In Victorian times the house was enlarged by railway baron Edward Betts, and in the First World War served as a hospital for shell-shocked soldiers. It became part of the NHS but was bought in 2012 by Weston Homes after a period lying empty. Bob Weston unleashed an army of craftspeople to restore the mansion and create 36 luxurious one- to four-bedroom apartments with double-height mezzanine spaces, and new villas in the grounds carved from stables and an orangery.
The three-storey great hall with its original oak staircase, gallery and glass cupola has become a communal space for residents. English Heritage will not accept “false history”, so anything reinstated must be as true to the original as possible. Weston Homes brought back into use a network of Tudor tunnels and wine cellars.
Two stone lions, sculpted in 1838 and later stolen from the estate, have been returned to their plinths at the entrance to the house, while a restored Versailles-style stone fountain with four mermaids is the focal point of the 2.5-acre grounds.
A two-bedroom show flat is open for viewing. Prices start at £190,000 and rise to £700,000, with completion due this summer. Call 01279 873 333.
Arts & crafts prize: King Edward VII Estate
Heritage specialist City & Country understands this niche market better than most, taking on challenging restoration projects such as dilapidated Victorian asylums. As its name suggests, the company brings back the beauty of the original structure and adds metropolitan design glamour.Chief executive Tim Sargeant works closely with heritage organisations to return buildings to use.
King Edward VII Estate, near Midhurst in West Sussex, lies within the South Downs National Park. Built in 1901 as a tuberculosis hospital, it has been hailed as an Arts & Crafts masterpiece and includes a Grade II*-listed chapel with prized stained-glass windows that is due to become a café and shop for residents when the 162-home project is complete later this year.
The listed grounds, originally planted by famed horticulturalist Gertrude Jekyll, are an early example of ”therapeutic gardens”, linking with the buildings and the wider landscape. Five miles of footpaths are being created through the estate’s mature oak woodland and heath. Residents will also have a swimming pool and gym.
Trains to Victoria take just under an hour. The first homes go on sale in March, with prices from £195,000 to £995,000. To register, call 01730 817979.
Other City & Country projects include The General, Bristol, a former hospital being converted into 206 homes priced from £285,000 and The Galleries in Brentwood, Essex, another hospital restoration, includes stunning loft-style spaces. Prices from £420,000.
Georgian grandeur: Woolley Hall
David Simpson is managing director of developer Millgate. He and his team are recreating Woolley Hall, a grand Georgian mansion near Littlewick Green, a few miles from Maidenhead station, which is 24 miles from London and soon to be Crossrail-linked. The listed estate dates from 1780 and is set in 24 acres of woodland. Six grand apartments, up to 3,700sq ft, are being created in the main house with original wood panelling and fireplaces, ornate plasterwork and stained-glass windows. Prices from £825,000.
Five new houses, from £3.1 million, are being built in the gated grounds, plus mews houses and homes in a restored stable block. Call 01628 674234.

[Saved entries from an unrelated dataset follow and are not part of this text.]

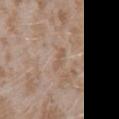notes: no biopsy performed (imaged during a skin exam) | image: ~15 mm crop, total-body skin-cancer survey | patient: female, aged 23 to 27 | location: the left forearm | diameter: ≈2.5 mm | illumination: white-light.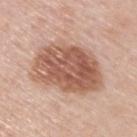Part of a total-body skin-imaging series; this lesion was reviewed on a skin check and was not flagged for biopsy. The recorded lesion diameter is about 7.5 mm. Automated tile analysis of the lesion measured a classifier nevus-likeness of about 30/100. From the upper back. This is a white-light tile. The subject is a male roughly 60 years of age. A region of skin cropped from a whole-body photographic capture, roughly 15 mm wide.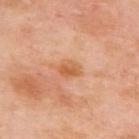No biopsy was performed on this lesion — it was imaged during a full skin examination and was not determined to be concerning. Located on the upper back. The tile uses cross-polarized illumination. The patient is a female about 50 years old. A region of skin cropped from a whole-body photographic capture, roughly 15 mm wide. The lesion's longest dimension is about 2.5 mm.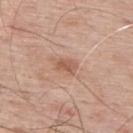{
  "biopsy_status": "not biopsied; imaged during a skin examination",
  "patient": {
    "sex": "male",
    "age_approx": 65
  },
  "lighting": "white-light",
  "automated_metrics": {
    "area_mm2_approx": 4.0,
    "eccentricity": 0.8,
    "shape_asymmetry": 0.25,
    "cielab_L": 57,
    "cielab_a": 22,
    "cielab_b": 30,
    "vs_skin_darker_L": 9.0,
    "vs_skin_contrast_norm": 6.5,
    "border_irregularity_0_10": 2.5,
    "color_variation_0_10": 3.5,
    "peripheral_color_asymmetry": 1.5,
    "nevus_likeness_0_100": 15,
    "lesion_detection_confidence_0_100": 100
  },
  "lesion_size": {
    "long_diameter_mm_approx": 2.5
  },
  "image": {
    "source": "total-body photography crop",
    "field_of_view_mm": 15
  },
  "site": "upper back"
}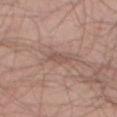Clinical impression: This lesion was catalogued during total-body skin photography and was not selected for biopsy. Background: A male subject in their 40s. The lesion is on the left thigh. Captured under white-light illumination. Longest diameter approximately 3 mm. A region of skin cropped from a whole-body photographic capture, roughly 15 mm wide.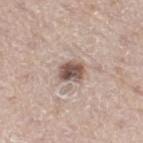workup: no biopsy performed (imaged during a skin exam) | image source: ~15 mm tile from a whole-body skin photo | tile lighting: white-light illumination | body site: the right thigh | patient: male, aged around 65.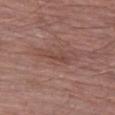The patient is a male aged around 75. An algorithmic analysis of the crop reported a lesion area of about 4 mm², a shape eccentricity near 0.95, and a shape-asymmetry score of about 0.3 (0 = symmetric). The analysis additionally found a mean CIELAB color near L≈45 a*≈21 b*≈23, roughly 7 lightness units darker than nearby skin, and a normalized border contrast of about 5.5. The analysis additionally found a color-variation rating of about 1/10. A 15 mm close-up tile from a total-body photography series done for melanoma screening. The lesion's longest dimension is about 3.5 mm. Located on the left thigh. The tile uses white-light illumination.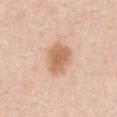  biopsy_status: not biopsied; imaged during a skin examination
  site: abdomen
  lesion_size:
    long_diameter_mm_approx: 4.0
  image:
    source: total-body photography crop
    field_of_view_mm: 15
  patient:
    sex: male
    age_approx: 50
  lighting: white-light
  automated_metrics:
    area_mm2_approx: 10.0
    eccentricity: 0.65
    shape_asymmetry: 0.2
    cielab_L: 65
    cielab_a: 21
    cielab_b: 33
    vs_skin_darker_L: 12.0
    vs_skin_contrast_norm: 8.0
    peripheral_color_asymmetry: 0.5
    lesion_detection_confidence_0_100: 100

A grand old Edwardian: Royal Connaught Park
Royal Connaught Park in Bushey, Hertfordshire, is set in 100 acres of parkland and was originally the Royal Masonic School for Boys. The architecture is grand Edwardian and it doubled as Hogwarts school in some scenes in the Harry Potter film franchise.
New homes have been created from the school’s ancillary buildings, which have big windows, vaulted ceilings, ornate stonework, wooden beams and plaster cornicing. Prices range from £429,950 to £2.79 million. Call 01923 222292. There is a gym, swimming pool for residents and a free shuttle bus to Bushey station, from where the fastest trains to Euston take 18 minutes.